One measure of sincerity for those saying “64 was unconstitutional” is to ask what other things they consider unconstitutional. If they have trouble naming more than a handful, then they begin to look less and less like strict constructionists, and more and more like racists taking any port in a storm. (I can name at least six cabinet agencies that I don’t think have even a remotely plausible constitutional justification. How about you?)
Goldwater may have been technically correct about a narrow constitutional issue, but he missed some far more important ones: ‘64 added some improper powers to the federal government (as if, in that year, this were some historical first).
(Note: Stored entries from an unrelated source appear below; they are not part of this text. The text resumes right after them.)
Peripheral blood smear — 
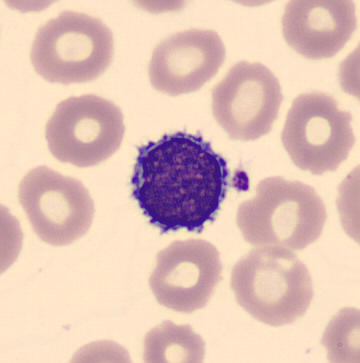 Cell type — lymphocyte.
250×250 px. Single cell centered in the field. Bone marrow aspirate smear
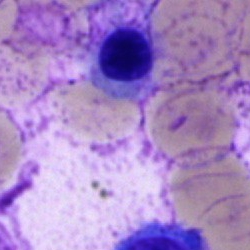
Q: Identify the cell.
A: Nucleated red cell.
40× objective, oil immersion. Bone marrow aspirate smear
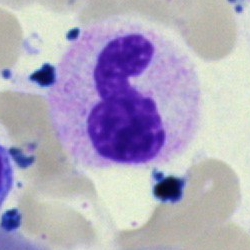
This is a neutrophil (segmented).
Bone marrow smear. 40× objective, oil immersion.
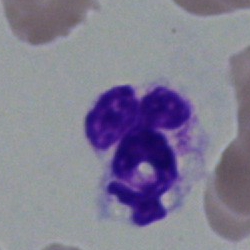 Polymorphonuclear neutrophil.
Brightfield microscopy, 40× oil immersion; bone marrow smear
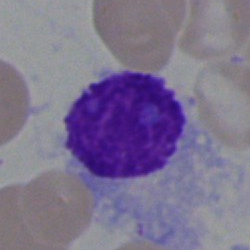
Classification — artifact.
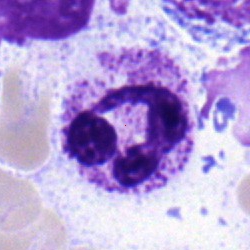 {"cell_type": "segmented neutrophil", "lineage": "myeloid"}
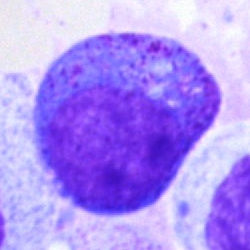Specimen: bone marrow aspirate smear.
Cell: promyelocyte.
Lineage: myeloid.
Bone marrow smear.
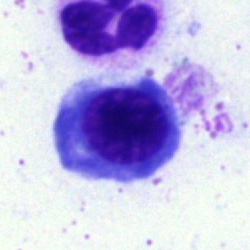
Specimen: bone marrow smear.
Cell: erythroblast.
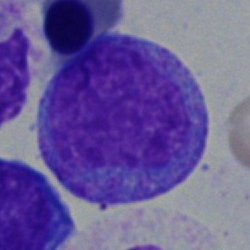Q: What is the morphological classification of this cell?
A: This is a progranulocyte.
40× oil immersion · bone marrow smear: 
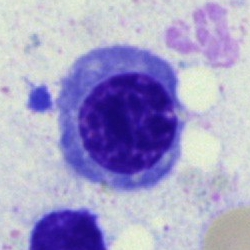

Showing a normoblast.
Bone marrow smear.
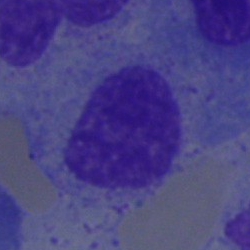

Cell type = myelocyte.
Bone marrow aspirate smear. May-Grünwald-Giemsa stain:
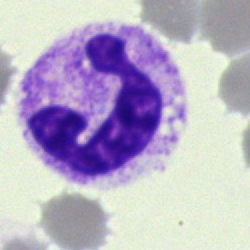
{"cell_type": "polymorphonuclear neutrophil", "lineage": "myeloid"}
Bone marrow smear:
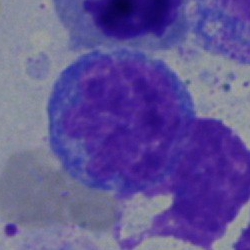 Cell type: monocyte.
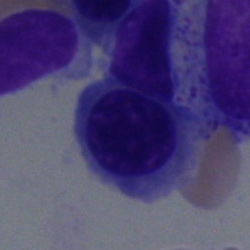
This is a nucleated red blood cell.
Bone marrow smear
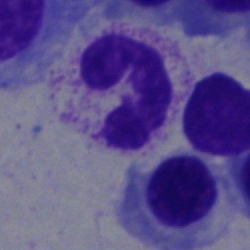

Classification — polymorphonuclear neutrophil.
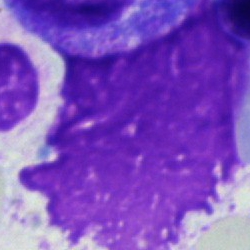Q: What is shown here?
A: Artefact.
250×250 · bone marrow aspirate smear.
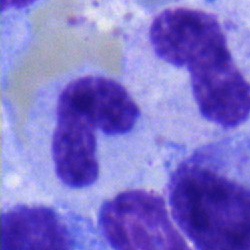 The cell shown is a band-form neutrophil.
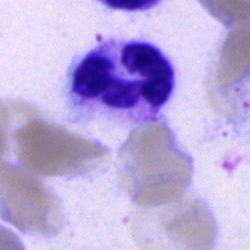Classification: neutrophil (segmented).
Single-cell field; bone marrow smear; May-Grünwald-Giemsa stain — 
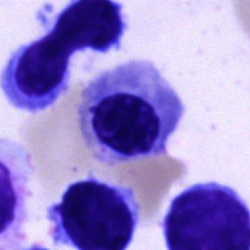Nucleated red blood cell.
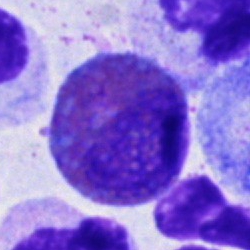
Specimen: bone marrow aspirate smear.
Cell: eosinophilic granulocyte.
Lineage: myeloid.
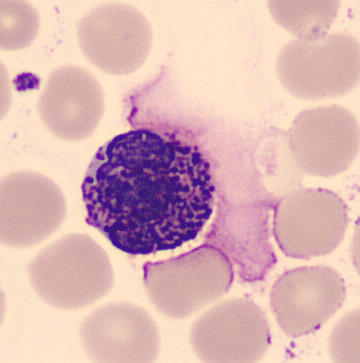 From a peripheral blood smear: a basophil.
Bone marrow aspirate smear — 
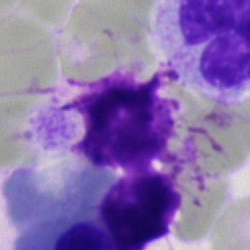 Morphological class: artefact.
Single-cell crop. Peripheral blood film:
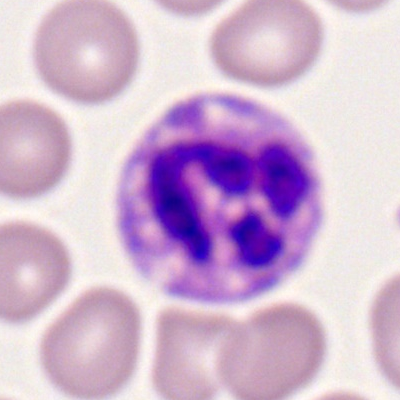 Cell type = segmented neutrophil.
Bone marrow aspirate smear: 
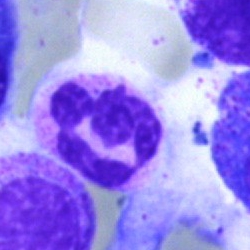Cell type — segmented neutrophil.
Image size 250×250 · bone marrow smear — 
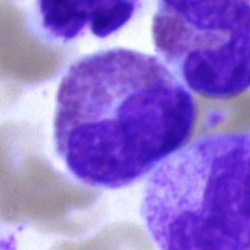Q: What is the morphological classification of this cell?
A: An eosinophil.
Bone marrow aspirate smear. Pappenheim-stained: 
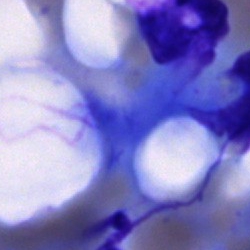
Q: What is shown here?
A: It is an artifact.
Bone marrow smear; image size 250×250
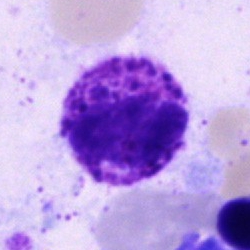

Basophil.
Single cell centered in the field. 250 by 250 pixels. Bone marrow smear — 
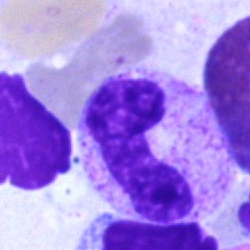Q: What is shown here?
A: This is a neutrophil (band).
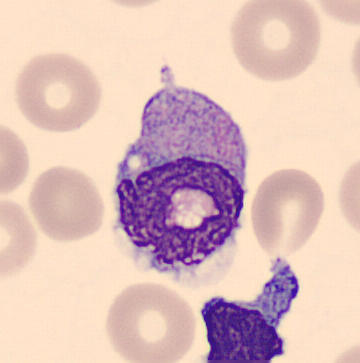

Single cell identified as a monocyte.

Image: Image size 360×363; peripheral blood film; single-cell crop.

But it properly eliminated many, many other blatantly unconstitutional practices by federal, state, and local government. And while it infringed on the property rights of white racists, it also signaled to non-racists, both white and black, that their property rights might be safely exercised in the future, free from the mob violence of the supposedly civilized white South. On balance, this seems to have done more to further individual rights than to frustrate them.
I know, I know, it’s not easily reduced to a soundbite-sized judicial philosophy. But that’s really what I think. Which one is a worse abuse of American values? A racist being taken to court, given due process, and found guilty of violating a relatively well-defined law? Or a non-racist getting lynched for serving the wrong customers? And what if those are our only two choices? I know what I’d pick.
So Goldwater erred. But we’re still a long way from the loathsome National Review circa 1957:
The central question that emerges–and it is not a parliamentary question or a question that is answered by meerely consulting a catalog of the rights of American citizens, born Equal–is whether the White community in the South is entitled to take such measures as are necessary to prevail, politically and culturally, in areas in which it does not predominate numerically? The sobering answer is Yes–the White community is so entitled because, for the time being, it is the advanced ace. It is not easy, and it is unpleasant, to adduce statistics evidencing the median cultural superiority of White over Negro: but it is fact that obtrudes, one that cannot be hidden by ever-so-busy egalitarians and anthropologists. The question, as far as the White community is concerned, is whether the claims of civilization supersede those of universal suffrage. The British believe they do, and acted accordingly, in Kenya, where the choice was dramatically one between civilization and barbarism, and elsewhere; the South, where the conflict is by no means dramatic, as in Kenya, nevertheless perceives important qualitative differences between its culture and the Negroes’, and intends to assert its own.
Disgusting. ‘64 was a tradeoff, but I think a very favorable one. Now if only conservatives would say so too.